Entry Date:
February 28, 2012

Ur/Web: The Ur Programming Language Family

Principal Investigator Adam Chlipala


Ur/Web, a domain-specific functional programming language for modern Web applications, inspired by dependent type systems. Supports strong encapsulation of key Web application resources, statically-typed metaprogramming, and static analysis for conformance to declarative security policies. Not just a research prototype! Has a growing programmer community and some commercial application development underway.
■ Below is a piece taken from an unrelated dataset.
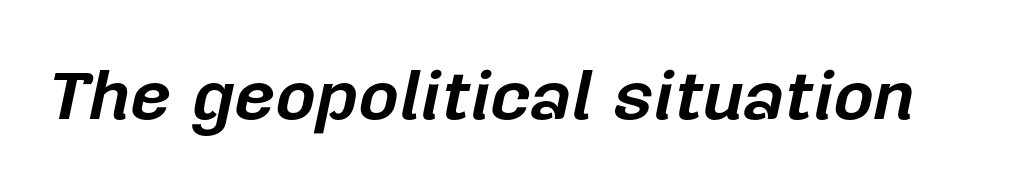
Quick note: italic. Varying glyph widths throughout — classic text-font behaviour. The passage shown is not underscored anywhere. Here the glyphs are tracked normally, forming tight word shapes. Strokes here are thick enough to call this a true bold.
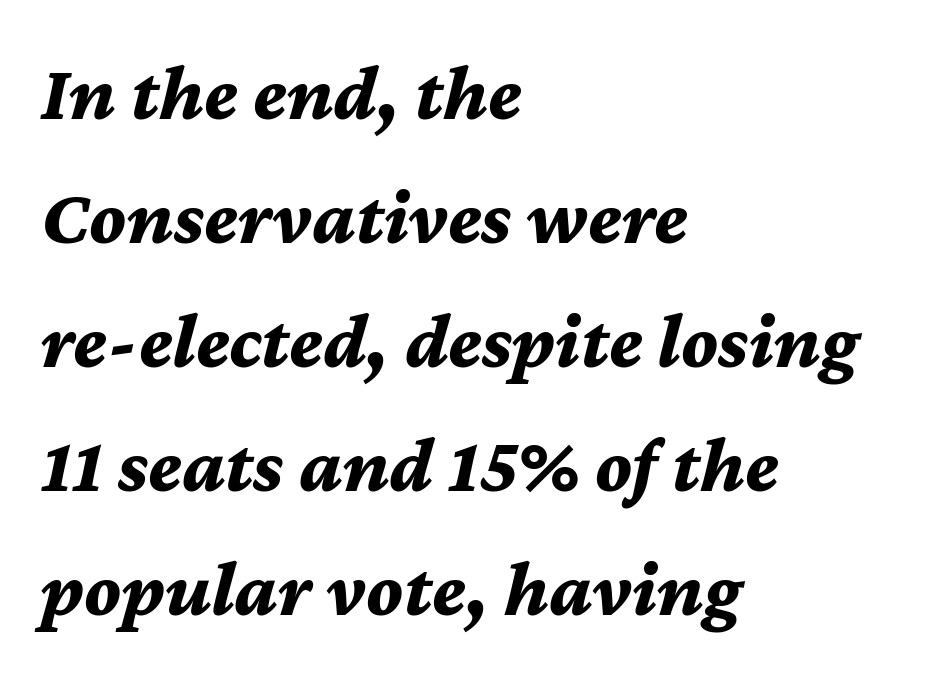
{"italic": "yes", "lean": "right", "slant_degrees": 12, "bold": "yes", "weight": "bold", "width": "normal", "stroke_contrast": "medium", "x_height": "medium", "monospaced": "no", "underline": "no", "align": "left", "line_spacing": "normal", "line_spacing_ratio": 1.57, "letter_spacing": "normal", "letter_spacing_em": 0.0, "glyph_px": 79}

Ur/Web is Ur plus a special standard library and associated rules for parsing and optimization. Ur/Web supports construction of dynamic web applications backed by SQL databases. The signature of the standard library is such that well-typed Ur/Web programs "don't go wrong" in a very broad sense. Not only do they not crash during particular page generations, but they also may not:

(*) Suffer from any kinds of code-injection attacks
(*) Return invalid HTML
(*) Contain dead intra-application links
(*) Have mismatches between HTML forms and the fields expected by their handlers
(*) Include client-side code that makes incorrect assumptions about the "AJAX"-style services that the remote web server provides
(*) Attempt invalid SQL queries
(*) Use improper marshaling or unmarshaling in communication with SQL databases or between browsers and web servers

This type safety is just the foundation of the Ur/Web methodology. It is also possible to use metaprogramming to build significant application pieces by analysis of type structure. For instance, the demo includes an ML-style functor for building an admin interface for an arbitrary SQL table. The type system guarantees that the admin interface sub-application that comes out will always be free of the above-listed bugs, no matter which well-typed table description is given as input.
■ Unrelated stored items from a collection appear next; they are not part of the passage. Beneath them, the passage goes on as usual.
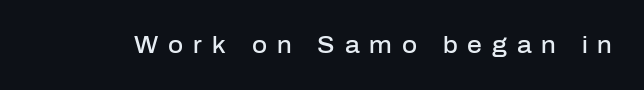
Q: Is the text bold? A: Semi-bold.
Q: Is the text italic (slanted)? A: No, it is upright.
Q: Is the text underlined? A: No.
Q: Is the spacing between letters normal or unusually wide? A: Unusually wide.
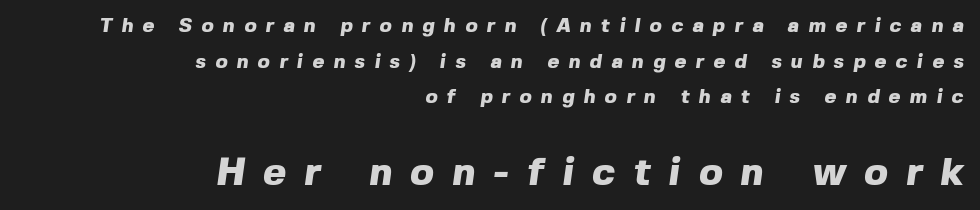
Q: Is the text bold? A: Yes.
Q: Is the typeface a serif or a sans-serif typeface? A: Sans-serif.
Q: Is the text underlined? A: No.
Q: How is the paragraph aligned? A: Right-aligned.
Q: Is the spacing between letters normal or unusually wide? A: Unusually wide.
Q: Which block of text is set in a larger size, the first (top) or the second (bottom)? A: The second (bottom) one.
Q: Width (condensed, normal, or wide)? A: Normal.
Q: x-height? A: Medium.
Q: Monospaced? A: No.

The Ur/Web compiler also produces very efficient object code that does not use garbage collection. These compiled programs will often be even more efficient than what most programmers would bother to write in C. For example, the standalone web server generated for the demo uses less RAM than the bash shell. The compiler also generates JavaScript versions of client-side code, with no need to write those parts of applications in a different language.

The implementation of all this is open source.